:: What the task asks ::
Images are to be excluded from the copy, and the records below reproduced word for word.

Dataset excerpts:
== == ==
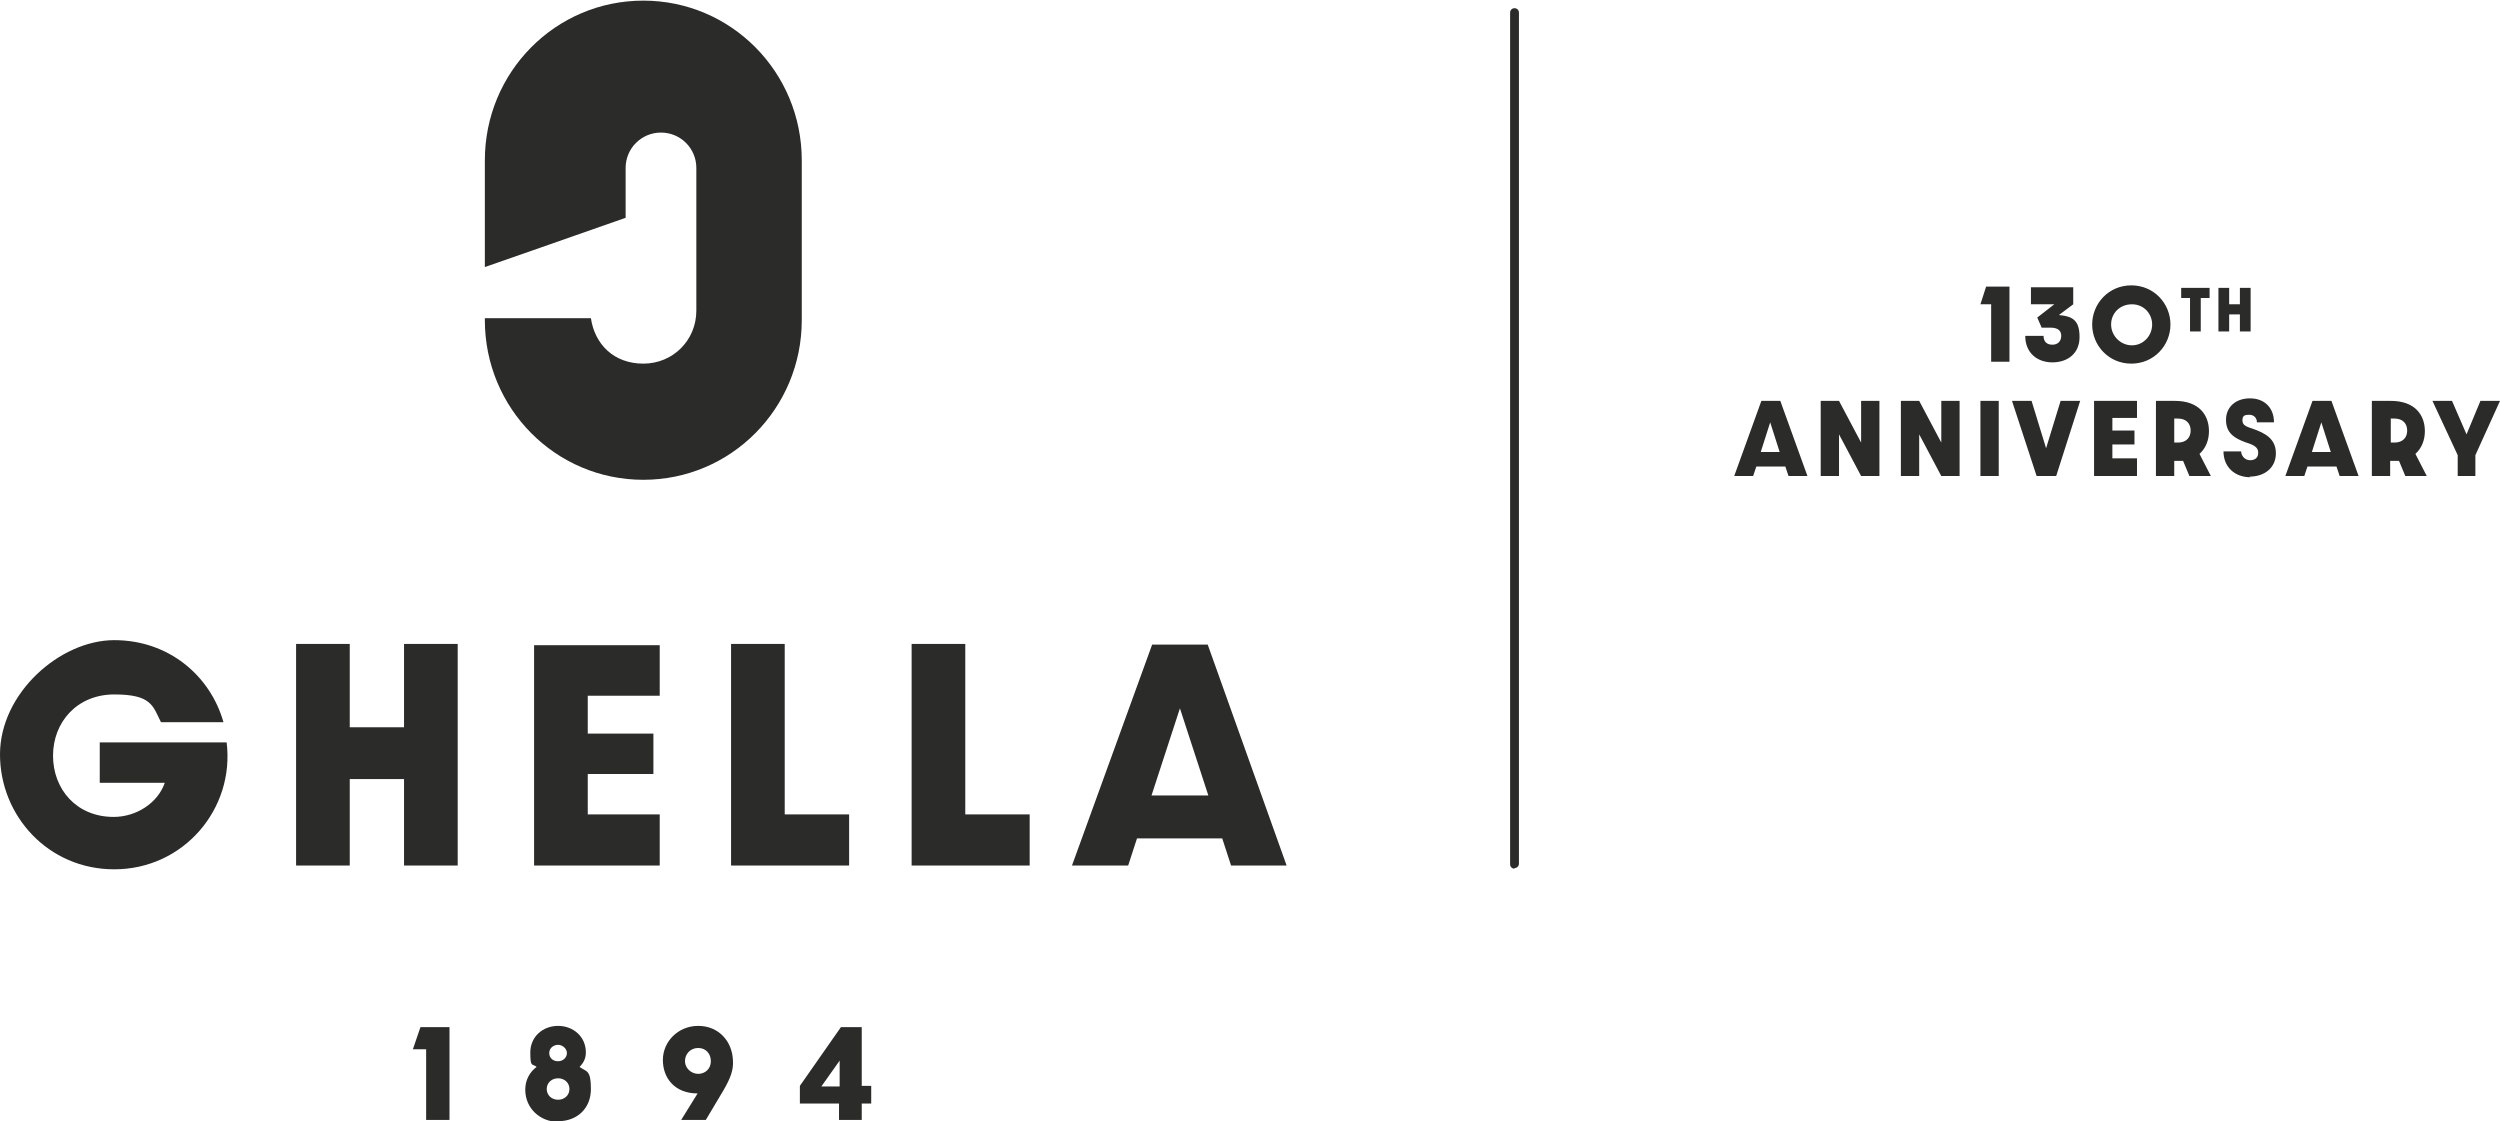 <?xml version="1.0" encoding="UTF-8"?>
<svg xmlns="http://www.w3.org/2000/svg" version="1.1" viewBox="0 0 396 177.6">
  <defs>
    <style>
      .cls-1 {
        fill: #2b2b2a;
      }
    </style>
  </defs>
  <!-- Generator: Adobe Illustrator 28.6.0, SVG Export Plug-In . SVG Version: 1.2.0 Build 709)  -->
  <g>
    <g id="Ebene_1">
      <g>
        <path class="cls-1" d="M239.9,137.6c-.4,0-.7-.3-.7-.7V2c0-.4.3-.7.7-.7s.7.3.7.7v134.8c0,.4-.3.7-.7.7h0Z"/>
        <path class="cls-1" d="M389.2,75.4h2.9v-3.3l3.9-8.6h-3.1l-2.2,5.3-2.3-5.3h-3.1l4,8.6v3.3h0ZM378.7,70.2v-3.9h.6c1.3,0,2,.8,2,1.9s-.7,1.9-2,1.9h-.6ZM384.4,75.4l-1.8-3.5c1-.9,1.5-2.2,1.5-3.6,0-2.5-1.5-4.8-5.4-4.8h-3v11.9h2.9v-2.4h.5c.3,0,.6,0,.9,0l1,2.4h3.4ZM366.2,71.6l1.5-4.7,1.5,4.7h-3.1ZM370.6,75.4h3l-4.3-11.9h-3l-4.3,11.9h3l.5-1.5h4.6l.5,1.5h0ZM356.3,75.5c2.4,0,4.2-1.4,4.2-3.7s-1.7-3.2-3.7-3.9c-.9-.3-1.6-.5-1.6-1.3s.4-.9,1.1-.9,1.2.5,1.2,1.2h2.7c0-2.3-1.5-3.8-3.8-3.8s-3.8,1.4-3.8,3.4,1.2,2.9,3.2,3.6c1.3.4,1.9.8,1.9,1.6s-.5,1.2-1.3,1.2-1.4-.7-1.4-1.4h-2.8c0,2.4,1.7,4.1,4.3,4.1M344.4,70.2v-3.9h.6c1.3,0,2,.8,2,1.9s-.7,1.9-2,1.9h-.6ZM350.2,75.4l-1.8-3.5c1-.9,1.5-2.2,1.5-3.6,0-2.5-1.5-4.8-5.4-4.8h-3v11.9h2.9v-2.4h.5c.3,0,.6,0,.9,0l1,2.4h3.4ZM331.7,75.4h6.8v-2.8h-3.9v-2.2h3.5v-2.2h-3.5v-2h3.9v-2.7h-6.8v11.9h0ZM322.6,75.4h3.1l3.8-11.9h-3.1l-2.3,7.5-2.3-7.5h-3.1l3.9,11.9h0ZM313.7,75.4h2.9v-11.9h-2.9v11.9h0ZM301.1,75.4h2.9v-6.6l3.5,6.6h2.9v-11.9h-2.9v6.6l-3.5-6.6h-2.9v11.9h0ZM288.4,75.4h2.9v-6.6l3.5,6.6h2.9v-11.9h-2.9v6.6l-3.5-6.6h-2.9v11.9h0ZM278.9,71.6l1.5-4.7,1.5,4.7h-3.1ZM283.3,75.4h3l-4.3-11.9h-3l-4.3,11.9h3l.5-1.5h4.6l.5,1.5h0Z"/>
        <path class="cls-1" d="M351.4,52.5h1.7v-2.7h1.7v2.7h1.7v-6.9h-1.7v2.6h-1.7v-2.6h-1.7v6.9h0ZM346.9,52.5h1.7v-5.3h1.4v-1.6h-4.5v1.6h1.4v5.3h0ZM340.9,51.4c0,1.8-1.4,3.3-3.2,3.3s-3.3-1.5-3.3-3.3,1.4-3.2,3.3-3.2,3.2,1.5,3.2,3.2M343.8,51.4c0-3.3-2.6-6.2-6.2-6.2s-6.2,2.9-6.2,6.2,2.6,6.2,6.2,6.2,6.2-2.9,6.2-6.2M326,50l2.4-1.8v-2.7h-6.7v2.7h3.7l-2.7,2.1.7,1.6h1.4c1.2,0,1.7.5,1.7,1.3s-.5,1.4-1.4,1.4-1.4-.5-1.4-1.4h-2.9c0,2.7,1.9,4.2,4.3,4.2s4.3-1.4,4.3-4-1-3.3-3.3-3.5M315.4,57.3h2.9v-11.9h-3.7l-.9,2.8h1.7v9.1h0Z"/>
        <path class="cls-1" d="M127,50.7h0v-25.3c0-14-11.2-25.3-25.1-25.3s-25.1,11.3-25.1,25.3v16.9s15.8-5.5,22.3-7.8v-7.9c0-3.1,2.5-5.6,5.6-5.6s5.6,2.5,5.6,5.6v6s0,0,0,0v4.7c0,0,0,.1,0,.2v8.4c0,0,0,.1,0,.2v3.1c0,4.7-3.7,8.4-8.4,8.4s-7.7-3.1-8.3-7.2h-16.8v.3h0c0,14,11.2,25.3,25.1,25.3s25.1-11.3,25.1-25.3"/>
        <path class="cls-1" d="M182.4,126l4.5-13.8,4.5,13.8h-9ZM195.1,137.1h8.7l-12.5-35h-8.8l-12.7,35h8.9l1.4-4.3h13.5l1.4,4.3h0ZM144.4,137.1h18.7v-8.1h-10.2v-27h-8.5v35.1h0ZM115.8,137.1h18.7v-8.1h-10.2v-27h-8.5v35.1h0ZM84.6,137.1h19.9v-8.1h-11.4v-6.4h10.4v-6.4h-10.4v-6h11.4v-8h-19.9v35h0ZM46.9,137.1h8.5v-13.7h8.6v13.7h8.5v-35.1h-8.5v13.2h-8.6v-13.2h-8.5v35.1h0ZM18.1,137.7c11,0,19.1-9.6,17.8-20.1H15.8v6.4h10.3c-1.1,3.2-4.5,5.4-8.1,5.4-5.9,0-9.6-4.4-9.6-9.7s3.8-9.7,9.7-9.7,6.1,1.8,7.4,4.4h9.9c-2.1-7.4-8.7-13-17.3-13S0,109.8,0,119.5s7.6,18.2,18.1,18.2"/>
        <path class="cls-1" d="M130.1,172.1l2.9-4.1v4.1h-2.9ZM132.9,177.4h3.6v-2.6h1.5v-2.8h-1.5v-9.3h-3.3l-6.5,9.3v2.8h6.2v2.6h0ZM108.5,168.1c0-1.2.9-2.1,2.1-2.1s2,.9,2,2.1-.9,2-2,2-2.1-.9-2.1-2M116.1,168c-.1-3.1-2.3-5.5-5.5-5.5s-5.6,2.5-5.6,5.4,1.9,5.3,5.5,5.3l-2.6,4.2h3.9l2.8-4.7c1.1-1.9,1.6-3.2,1.5-4.7M88.4,174.2c-1,0-1.8-.7-1.8-1.7s.8-1.7,1.8-1.7,1.8.7,1.8,1.7-.8,1.7-1.8,1.7M88.4,168.1c-.8,0-1.4-.5-1.4-1.3s.7-1.3,1.4-1.3,1.4.6,1.4,1.3-.6,1.3-1.4,1.3M88.4,177.6c3,0,5.2-2,5.2-5.1s-.7-2.7-1.8-3.5c.6-.6,1-1.3,1-2.3,0-2.5-2-4.2-4.4-4.2s-4.4,1.7-4.4,4.2.3,1.7,1,2.3c-1.1.8-1.8,2.1-1.8,3.6,0,3,2.4,5.1,5.2,5.1M67.6,177.4h3.6v-14.7h-4.6l-1.2,3.5h2.1v11.2h0Z"/>
      </g>
    </g>
  </g>
</svg>
== == ==
:: Answer to this problem ::
 <?xml version="1.0" encoding="UTF-8"?>
<svg xmlns="http://www.w3.org/2000/svg" version="1.1" viewBox="0 0 396 177.6">
  <defs>
    <style>
      .cls-1 {
        fill: #2b2b2a;
      }
    </style>
  </defs>
  <!-- Generator: Adobe Illustrator 28.6.0, SVG Export Plug-In . SVG Version: 1.2.0 Build 709)  -->
  <g>
    <g id="Ebene_1">
      <g>
        <path class="cls-1" d="M239.9,137.6c-.4,0-.7-.3-.7-.7V2c0-.4.3-.7.7-.7s.7.3.7.7v134.8c0,.4-.3.7-.7.7h0Z"/>
        <path class="cls-1" d="M389.2,75.4h2.9v-3.3l3.9-8.6h-3.1l-2.2,5.3-2.3-5.3h-3.1l4,8.6v3.3h0ZM378.7,70.2v-3.9h.6c1.3,0,2,.8,2,1.9s-.7,1.9-2,1.9h-.6ZM384.4,75.4l-1.8-3.5c1-.9,1.5-2.2,1.5-3.6,0-2.5-1.5-4.8-5.4-4.8h-3v11.9h2.9v-2.4h.5c.3,0,.6,0,.9,0l1,2.4h3.4ZM366.2,71.6l1.5-4.7,1.5,4.7h-3.1ZM370.6,75.4h3l-4.3-11.9h-3l-4.3,11.9h3l.5-1.5h4.6l.5,1.5h0ZM356.3,75.5c2.4,0,4.2-1.4,4.2-3.7s-1.7-3.2-3.7-3.9c-.9-.3-1.6-.5-1.6-1.3s.4-.9,1.1-.9,1.2.5,1.2,1.2h2.7c0-2.3-1.5-3.8-3.8-3.8s-3.8,1.4-3.8,3.4,1.2,2.9,3.2,3.6c1.3.4,1.9.8,1.9,1.6s-.5,1.2-1.3,1.2-1.4-.7-1.4-1.4h-2.8c0,2.4,1.7,4.1,4.3,4.1M344.4,70.2v-3.9h.6c1.3,0,2,.8,2,1.9s-.7,1.9-2,1.9h-.6ZM350.2,75.4l-1.8-3.5c1-.9,1.5-2.2,1.5-3.6,0-2.5-1.5-4.8-5.4-4.8h-3v11.9h2.9v-2.4h.5c.3,0,.6,0,.9,0l1,2.4h3.4ZM331.7,75.4h6.8v-2.8h-3.9v-2.2h3.5v-2.2h-3.5v-2h3.9v-2.7h-6.8v11.9h0ZM322.6,75.4h3.1l3.8-11.9h-3.1l-2.3,7.5-2.3-7.5h-3.1l3.9,11.9h0ZM313.7,75.4h2.9v-11.9h-2.9v11.9h0ZM301.1,75.4h2.9v-6.6l3.5,6.6h2.9v-11.9h-2.9v6.6l-3.5-6.6h-2.9v11.9h0ZM288.4,75.4h2.9v-6.6l3.5,6.6h2.9v-11.9h-2.9v6.6l-3.5-6.6h-2.9v11.9h0ZM278.9,71.6l1.5-4.7,1.5,4.7h-3.1ZM283.3,75.4h3l-4.3-11.9h-3l-4.3,11.9h3l.5-1.5h4.6l.5,1.5h0Z"/>
        <path class="cls-1" d="M351.4,52.5h1.7v-2.7h1.7v2.7h1.7v-6.9h-1.7v2.6h-1.7v-2.6h-1.7v6.9h0ZM346.9,52.5h1.7v-5.3h1.4v-1.6h-4.5v1.6h1.4v5.3h0ZM340.9,51.4c0,1.8-1.4,3.3-3.2,3.3s-3.3-1.5-3.3-3.3,1.4-3.2,3.3-3.2,3.2,1.5,3.2,3.2M343.8,51.4c0-3.3-2.6-6.2-6.2-6.2s-6.2,2.9-6.2,6.2,2.6,6.2,6.2,6.2,6.2-2.9,6.2-6.2M326,50l2.4-1.8v-2.7h-6.7v2.7h3.7l-2.7,2.1.7,1.6h1.4c1.2,0,1.7.5,1.7,1.3s-.5,1.4-1.4,1.4-1.4-.5-1.4-1.4h-2.9c0,2.7,1.9,4.2,4.3,4.2s4.3-1.4,4.3-4-1-3.3-3.3-3.5M315.4,57.3h2.9v-11.9h-3.7l-.9,2.8h1.7v9.1h0Z"/>
        <path class="cls-1" d="M127,50.7h0v-25.3c0-14-11.2-25.3-25.1-25.3s-25.1,11.3-25.1,25.3v16.9s15.8-5.5,22.3-7.8v-7.9c0-3.1,2.5-5.6,5.6-5.6s5.6,2.5,5.6,5.6v6s0,0,0,0v4.7c0,0,0,.1,0,.2v8.4c0,0,0,.1,0,.2v3.1c0,4.7-3.7,8.4-8.4,8.4s-7.7-3.1-8.3-7.2h-16.8v.3h0c0,14,11.2,25.3,25.1,25.3s25.1-11.3,25.1-25.3"/>
        <path class="cls-1" d="M182.4,126l4.5-13.8,4.5,13.8h-9ZM195.1,137.1h8.7l-12.5-35h-8.8l-12.7,35h8.9l1.4-4.3h13.5l1.4,4.3h0ZM144.4,137.1h18.7v-8.1h-10.2v-27h-8.5v35.1h0ZM115.8,137.1h18.7v-8.1h-10.2v-27h-8.5v35.1h0ZM84.6,137.1h19.9v-8.1h-11.4v-6.4h10.4v-6.4h-10.4v-6h11.4v-8h-19.9v35h0ZM46.9,137.1h8.5v-13.7h8.6v13.7h8.5v-35.1h-8.5v13.2h-8.6v-13.2h-8.5v35.1h0ZM18.1,137.7c11,0,19.1-9.6,17.8-20.1H15.8v6.4h10.3c-1.1,3.2-4.5,5.4-8.1,5.4-5.9,0-9.6-4.4-9.6-9.7s3.8-9.7,9.7-9.7,6.1,1.8,7.4,4.4h9.9c-2.1-7.4-8.7-13-17.3-13S0,109.8,0,119.5s7.6,18.2,18.1,18.2"/>
        <path class="cls-1" d="M130.1,172.1l2.9-4.1v4.1h-2.9ZM132.9,177.4h3.6v-2.6h1.5v-2.8h-1.5v-9.3h-3.3l-6.5,9.3v2.8h6.2v2.6h0ZM108.5,168.1c0-1.2.9-2.1,2.1-2.1s2,.9,2,2.1-.9,2-2,2-2.1-.9-2.1-2M116.1,168c-.1-3.1-2.3-5.5-5.5-5.5s-5.6,2.5-5.6,5.4,1.9,5.3,5.5,5.3l-2.6,4.2h3.9l2.8-4.7c1.1-1.9,1.6-3.2,1.5-4.7M88.4,174.2c-1,0-1.8-.7-1.8-1.7s.8-1.7,1.8-1.7,1.8.7,1.8,1.7-.8,1.7-1.8,1.7M88.4,168.1c-.8,0-1.4-.5-1.4-1.3s.7-1.3,1.4-1.3,1.4.6,1.4,1.3-.6,1.3-1.4,1.3M88.4,177.6c3,0,5.2-2,5.2-5.1s-.7-2.7-1.8-3.5c.6-.6,1-1.3,1-2.3,0-2.5-2-4.2-4.4-4.2s-4.4,1.7-4.4,4.2.3,1.7,1,2.3c-1.1.8-1.8,2.1-1.8,3.6,0,3,2.4,5.1,5.2,5.1M67.6,177.4h3.6v-14.7h-4.6l-1.2,3.5h2.1v11.2h0Z"/>
      </g>
    </g>
  </g>
</svg>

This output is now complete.